A group of Tesla superchargers.

Image source: Tesla.

Where Tesla's money goes...

Using profits from a stable, existing business to fund research and development (R&D) is a tried-and-true roadmap for success. Meta Platforms (NASDAQ: META) uses ad revenue from Facebook and Instagram to fund the company's virtual reality and augmented reality "metaverse" ambitions. Microsoft (NASDAQ: MSFT) has used the consistent revenue streams from its Windows and Microsoft Office software to fund investments into AI. So there's nothing wrong with Tesla using the money from its car sales to develop its Optimus robots or its autonomous robotaxis.

That is, as long as there's money there to use.

...and where it comes from...

Unlike Meta's ad revenue and Microsoft's software sales, Tesla's auto sales revenue is low-margin. How low?

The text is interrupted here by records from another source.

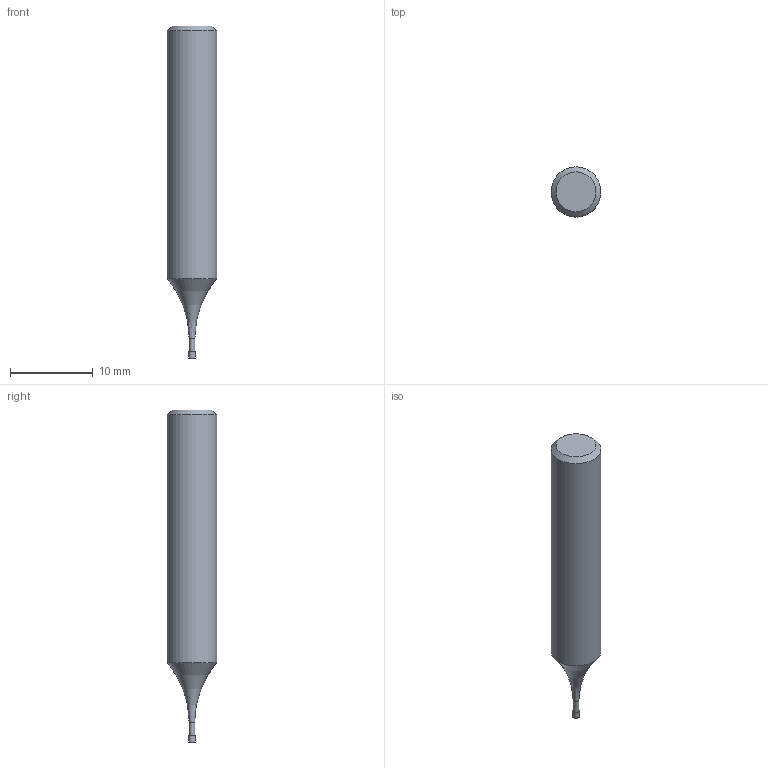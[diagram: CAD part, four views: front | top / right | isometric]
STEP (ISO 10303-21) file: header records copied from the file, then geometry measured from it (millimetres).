
FILE_DESCRIPTION (( 'STEP AP203' ), '1' );
FILE_NAME ('305280.step', '2021-11-17T12:43:02', ( '' ), ( '' ), 'SwSTEP 2.0', 'SolidWorks 2019', '' );
FILE_SCHEMA (( 'CONFIG_CONTROL_DESIGN' ));
Length unit declared in the file: millimetre
Products named in the file (1): 305280
Bounding box: 6 x 6 x 40 mm (x, y, z)
Volume: 903 mm3; surface area: 662.5 mm2
Topology: 2 solids, 2 shells, 9 faces, 13 edges, 8 vertices
Faces by surface type: plane 4, cylinder 3, cone 1, torus 1
Full cylindrical faces by diameter (mm): 0.68 x1, 0.8 x1, 6 x1
Entity records: 239 total; most frequent: DIRECTION 34, CARTESIAN_POINT 24, AXIS2_PLACEMENT_3D 17, ORIENTED_EDGE 14, EDGE_LOOP 14, FACE_OUTER_BOUND 13, ADVANCED_FACE 9, PERSON_AND_ORGANIZATION 8

Well, Tesla just reported that its operating margin dropped by five full percentage points in Q3, from 10.8% in Q3 2024 to just 5.8% in Q3 2025. Compare that to Microsoft's 44.9% operating margin or Meta's 43% operating margin in their most recent respective quarters.

Tesla's operating margin is calculated by taking the company's record $28.1 billion of Q3 revenue, subtracting the $23 billion costs of revenue (sales and production costs, etc.) to get a gross profit of $5.1 billion, and finally stripping out operating expenses, including $1.6 billion of R&D expenses, resulting in a meager $1.6 billion operating profit in Q3.

...and where it isn't

Tesla's low margins were offset in Q3 by its record revenue, but there's good reason to expect both margin and revenue to decline in Q4 and beyond. With the expiration of the U.S. government's $7,500 EV tax credit, Tesla's overall sales are projected to drop sharply in Q4. Additionally, Tesla has begun offering lower-priced versions of its popular Model 3 and Model Y models (which were responsible for 96.8% of Q3 sales), which are likely to eat into its gross profits. I wouldn't be surprised to see gross profit cut in half (or worse) in Q4.

If Tesla intends to ramp up its R&D for self-driving and robotics, that $1.6 billion R&D expense from Q3 is likely to grow. Which means...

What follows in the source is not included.